> _Your goal_: Repeat everything in the data exactly except images.

══ Input for this task

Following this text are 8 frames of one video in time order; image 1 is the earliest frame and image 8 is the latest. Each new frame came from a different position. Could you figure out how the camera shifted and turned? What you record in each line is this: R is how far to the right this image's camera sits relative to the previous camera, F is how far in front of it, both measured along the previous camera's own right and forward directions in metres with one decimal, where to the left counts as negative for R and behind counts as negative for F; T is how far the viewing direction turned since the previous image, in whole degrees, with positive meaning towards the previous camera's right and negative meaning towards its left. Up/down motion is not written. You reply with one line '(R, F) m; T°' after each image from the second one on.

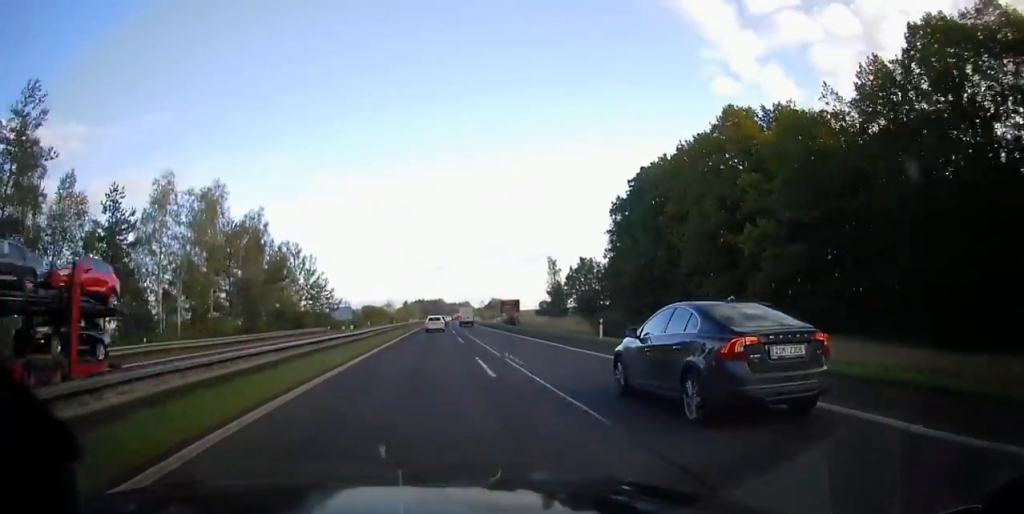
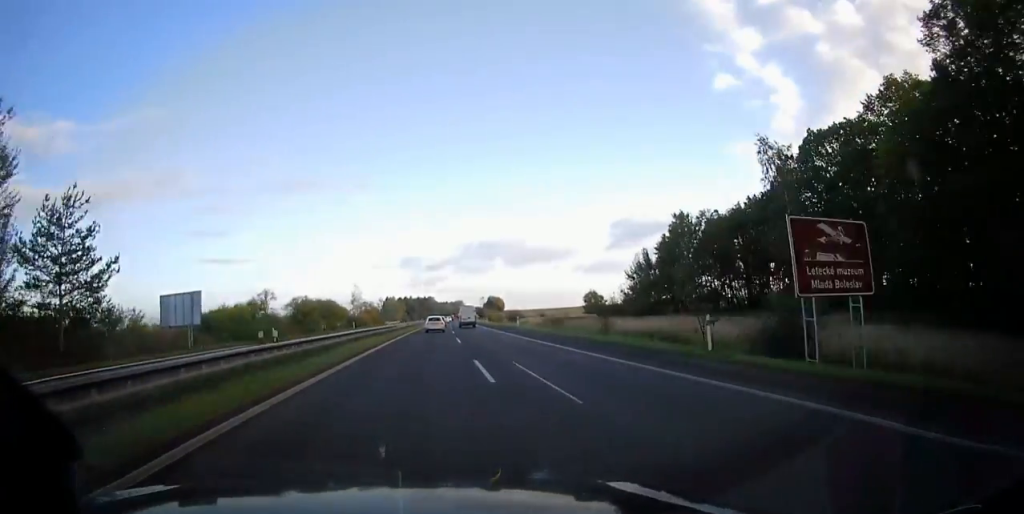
(+0.6, +73.0) m; +1°
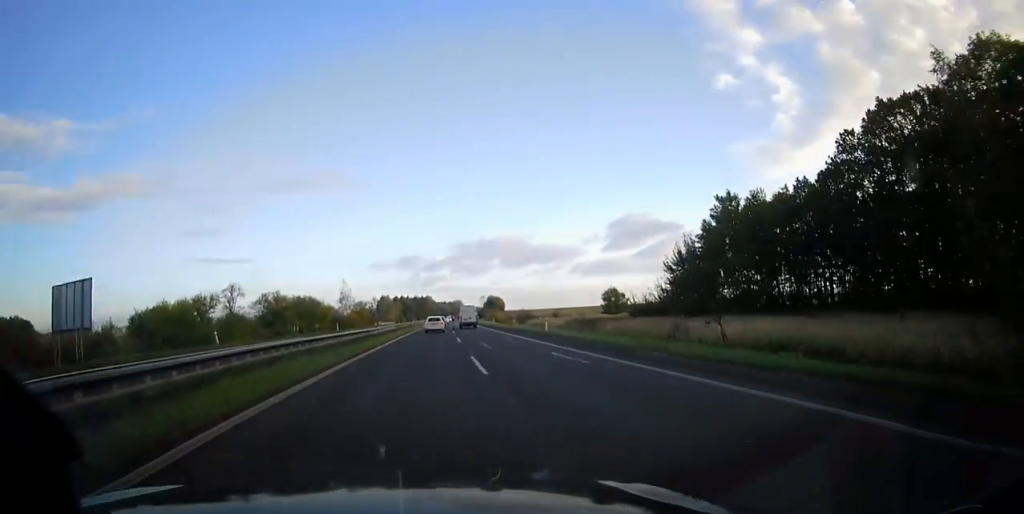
(+0.1, +16.3) m; 0°
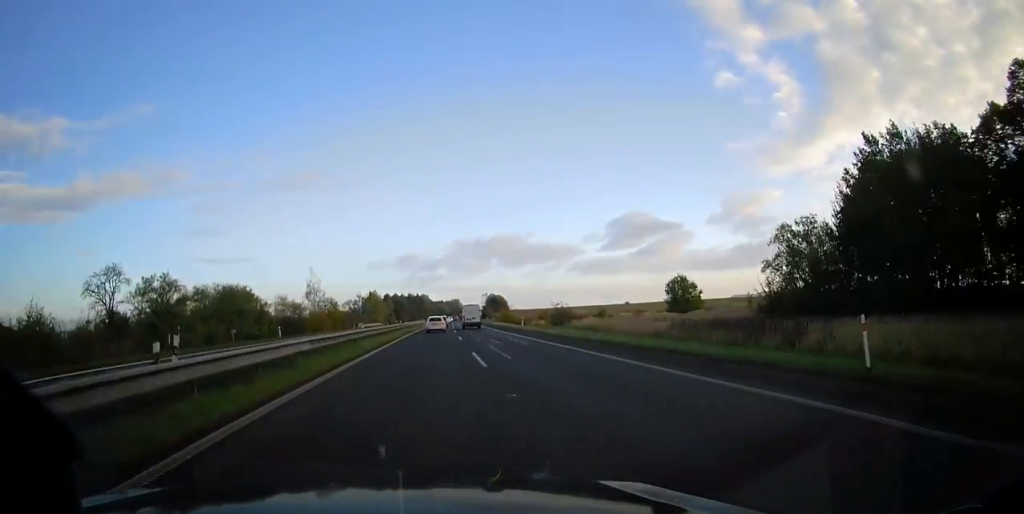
(+0.2, +33.9) m; 0°
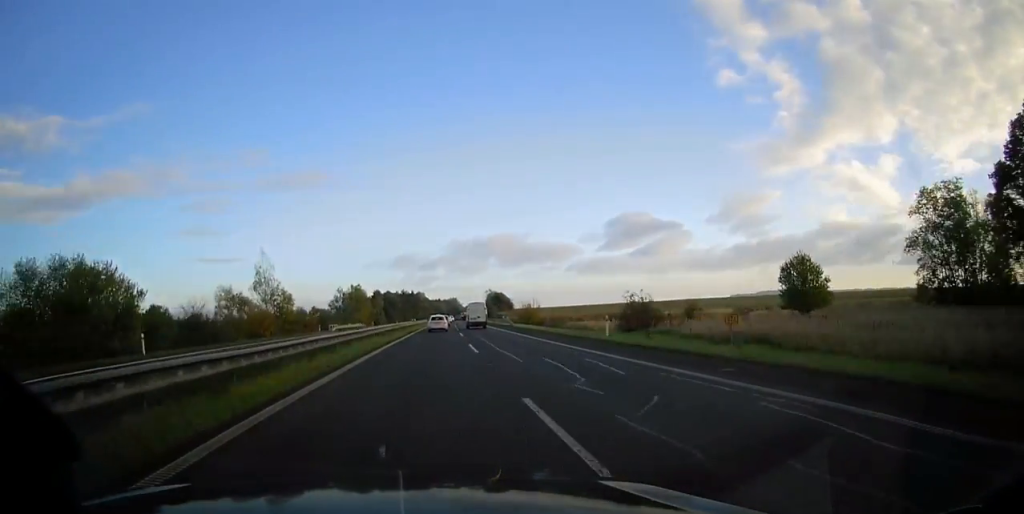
(+0.1, +30.1) m; 0°
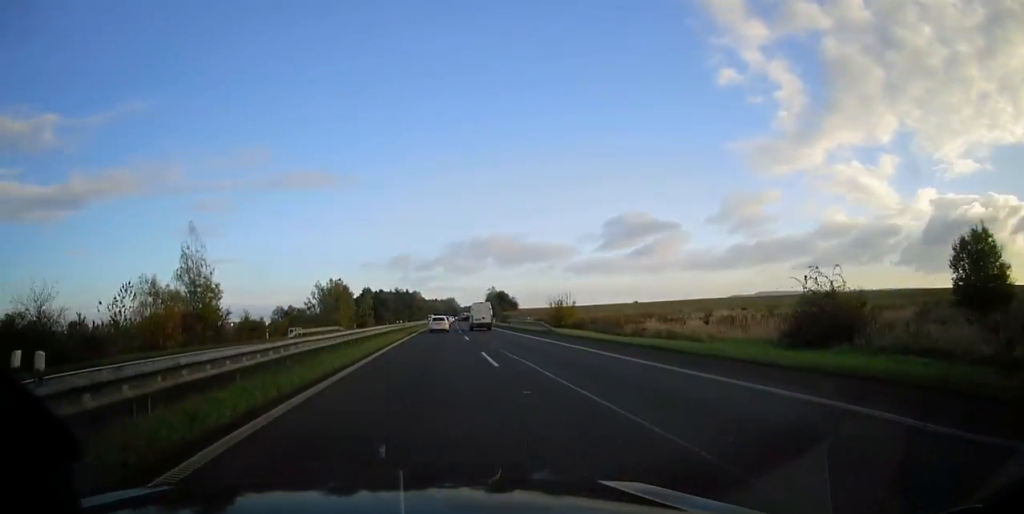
(-0.1, +23.8) m; 0°
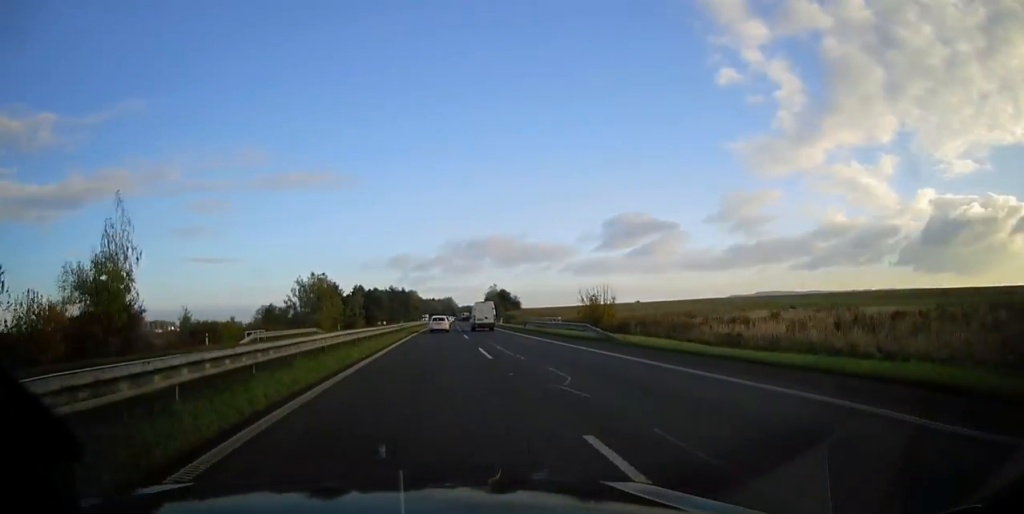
(+0.2, +15.1) m; 0°
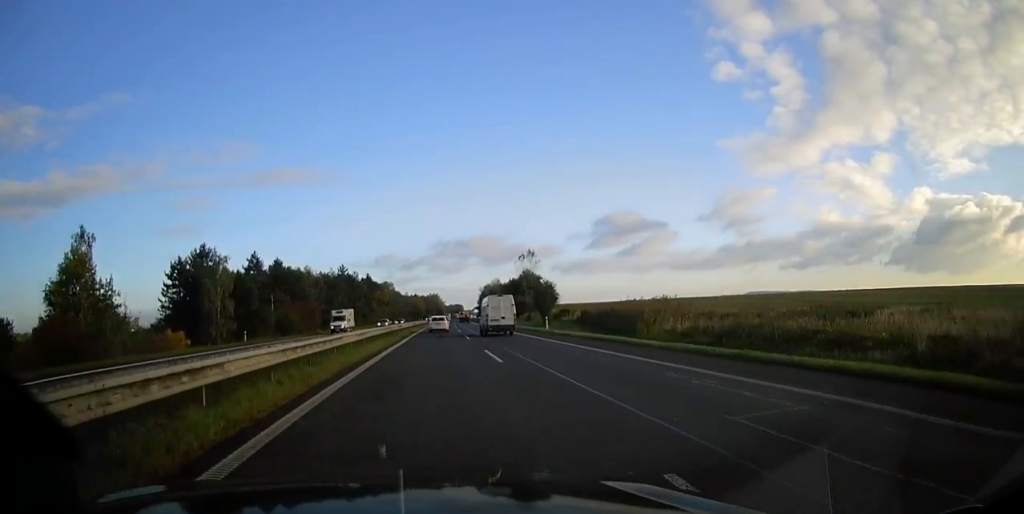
(+0.8, +91.5) m; +1°

════

> _Task output_:
Following this text are 8 frames of one video in time order; image 1 is the earliest frame and image 8 is the latest. Each new frame came from a different position. Could you figure out how the camera shifted and turned? What you record in each line is this: R is how far to the right this image's camera sits relative to the previous camera, F is how far in front of it, both measured along the previous camera's own right and forward directions in metres with one decimal, where to the left counts as negative for R and behind counts as negative for F; T is how far the viewing direction turned since the previous image, in whole degrees, with positive meaning towards the previous camera's right and negative meaning towards its left. Up/down motion is not written. You reply with one line '(R, F) m; T°' after each image from the second one on.

(+0.6, +73.0) m; +1°
(+0.1, +16.3) m; 0°
(+0.2, +33.9) m; 0°
(+0.1, +30.1) m; 0°
(-0.1, +23.8) m; 0°
(+0.2, +15.1) m; 0°
(+0.8, +91.5) m; +1°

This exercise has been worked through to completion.